Task description:
For each entry below, please return its exact wording and leave out any picture.

(Dataset excerpts)
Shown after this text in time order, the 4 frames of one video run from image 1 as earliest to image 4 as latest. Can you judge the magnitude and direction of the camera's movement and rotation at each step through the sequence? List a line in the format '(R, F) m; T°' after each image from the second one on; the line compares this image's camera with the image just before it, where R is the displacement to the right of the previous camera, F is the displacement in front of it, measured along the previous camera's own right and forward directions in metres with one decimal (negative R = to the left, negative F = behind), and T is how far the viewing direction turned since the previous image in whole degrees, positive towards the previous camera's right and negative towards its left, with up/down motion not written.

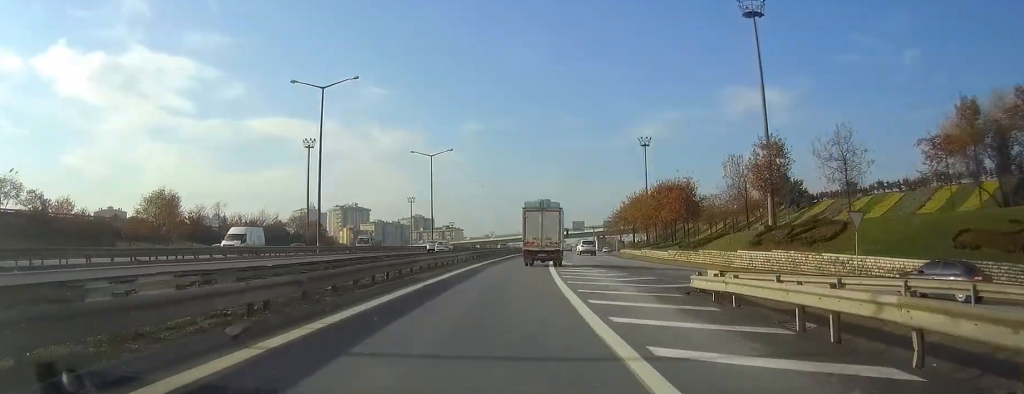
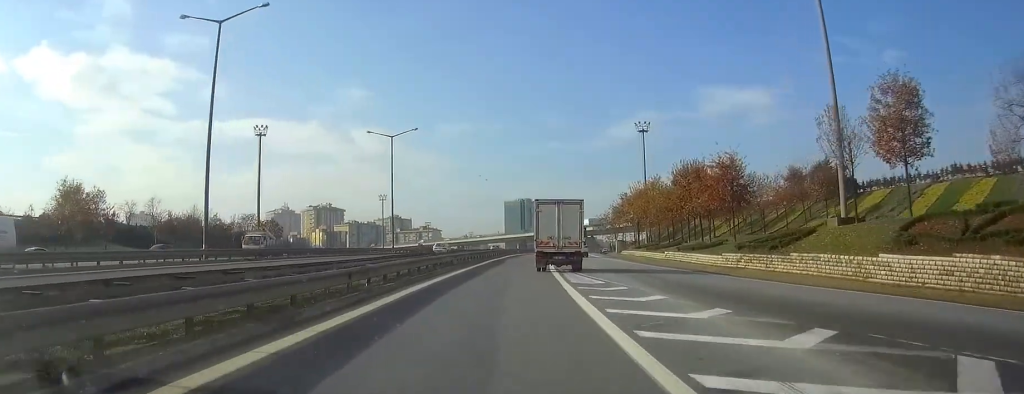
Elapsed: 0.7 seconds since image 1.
(+0.2, +20.8) m; +1°
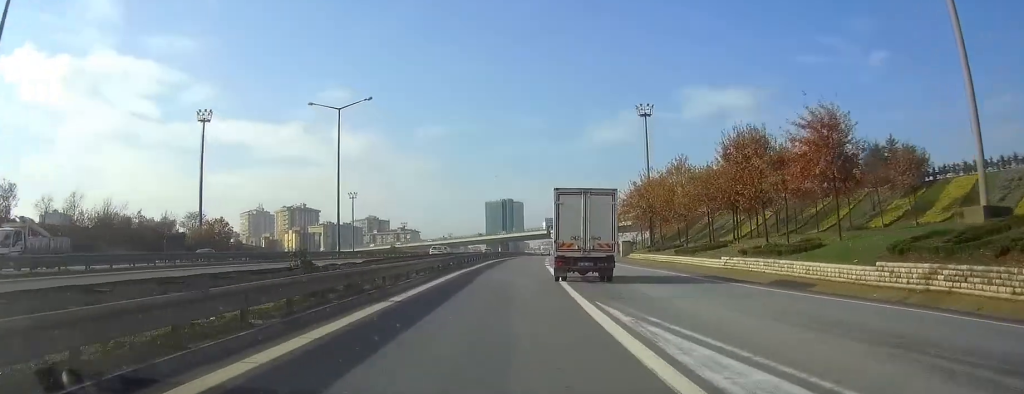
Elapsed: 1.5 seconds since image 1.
(+0.3, +20.4) m; +1°
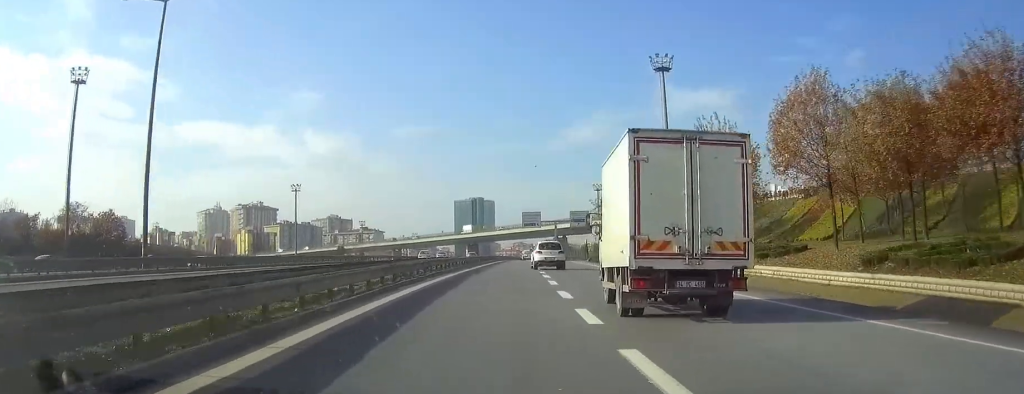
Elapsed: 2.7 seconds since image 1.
(+0.5, +34.5) m; +2°
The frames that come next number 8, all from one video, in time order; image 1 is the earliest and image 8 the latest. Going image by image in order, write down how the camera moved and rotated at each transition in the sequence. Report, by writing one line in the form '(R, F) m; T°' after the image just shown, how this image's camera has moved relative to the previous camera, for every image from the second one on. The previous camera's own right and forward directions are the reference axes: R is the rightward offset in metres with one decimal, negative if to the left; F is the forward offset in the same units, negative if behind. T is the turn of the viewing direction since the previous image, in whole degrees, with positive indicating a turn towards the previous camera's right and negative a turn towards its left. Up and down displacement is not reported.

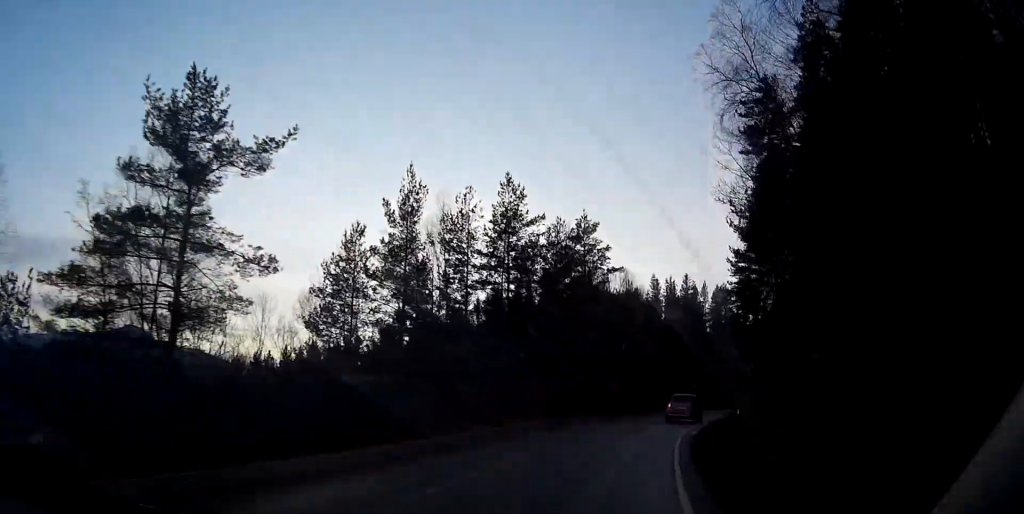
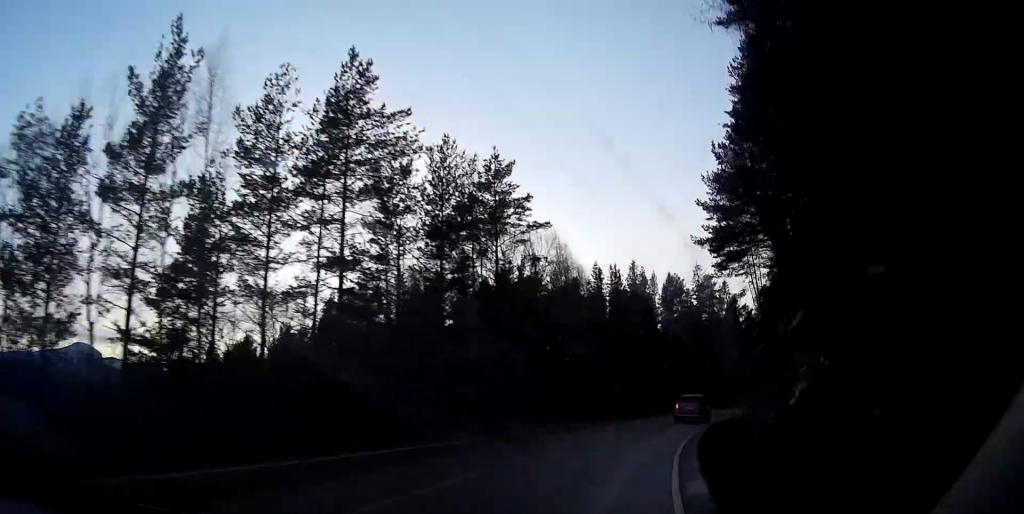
(+0.1, +16.8) m; +3°
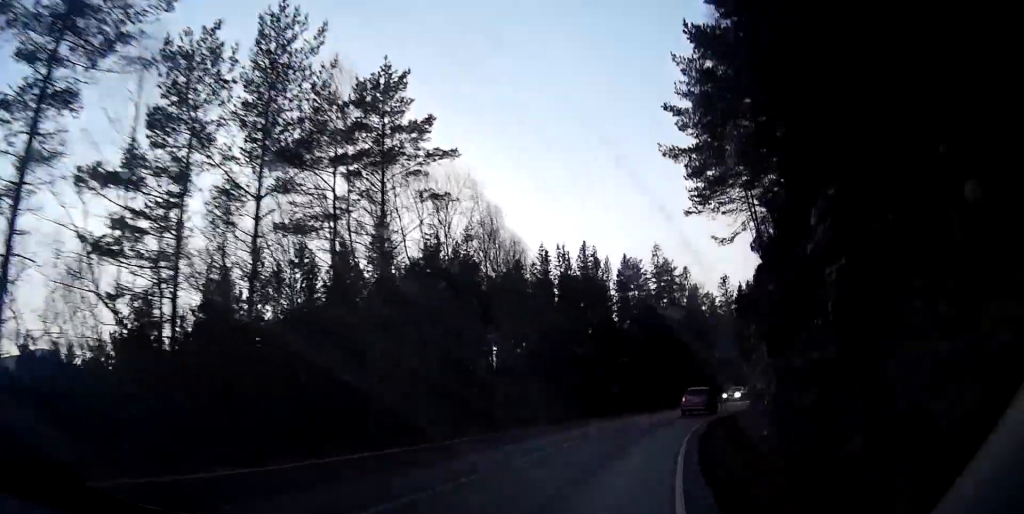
(+0.4, +12.4) m; +2°
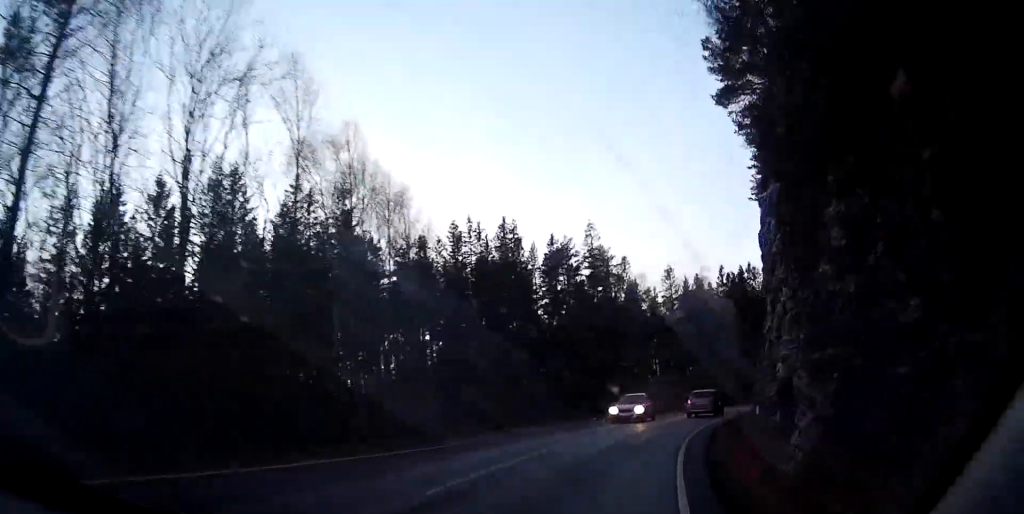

Exercise answer:
Shown after this text in time order, the 4 frames of one video run from image 1 as earliest to image 4 as latest. Can you judge the magnitude and direction of the camera's movement and rotation at each step through the sequence? List a line in the format '(R, F) m; T°' after each image from the second one on; the line compares this image's camera with the image just before it, where R is the displacement to the right of the previous camera, F is the displacement in front of it, measured along the previous camera's own right and forward directions in metres with one decimal (negative R = to the left, negative F = behind), and T is how far the viewing direction turned since the previous image in whole degrees, positive towards the previous camera's right and negative towards its left, with up/down motion not written.

Elapsed: 0.7 seconds since image 1.
(+0.2, +20.8) m; +1°
Elapsed: 1.5 seconds since image 1.
(+0.3, +20.4) m; +1°
Elapsed: 2.7 seconds since image 1.
(+0.5, +34.5) m; +2°
The frames that come next number 8, all from one video, in time order; image 1 is the earliest and image 8 the latest. Going image by image in order, write down how the camera moved and rotated at each transition in the sequence. Report, by writing one line in the form '(R, F) m; T°' after the image just shown, how this image's camera has moved relative to the previous camera, for every image from the second one on. The previous camera's own right and forward directions are the reference axes: R is the rightward offset in metres with one decimal, negative if to the left; F is the forward offset in the same units, negative if behind. T is the turn of the viewing direction since the previous image, in whole degrees, with positive indicating a turn towards the previous camera's right and negative a turn towards its left. Up and down displacement is not reported.

(+0.1, +16.8) m; +3°
(+0.4, +12.4) m; +2°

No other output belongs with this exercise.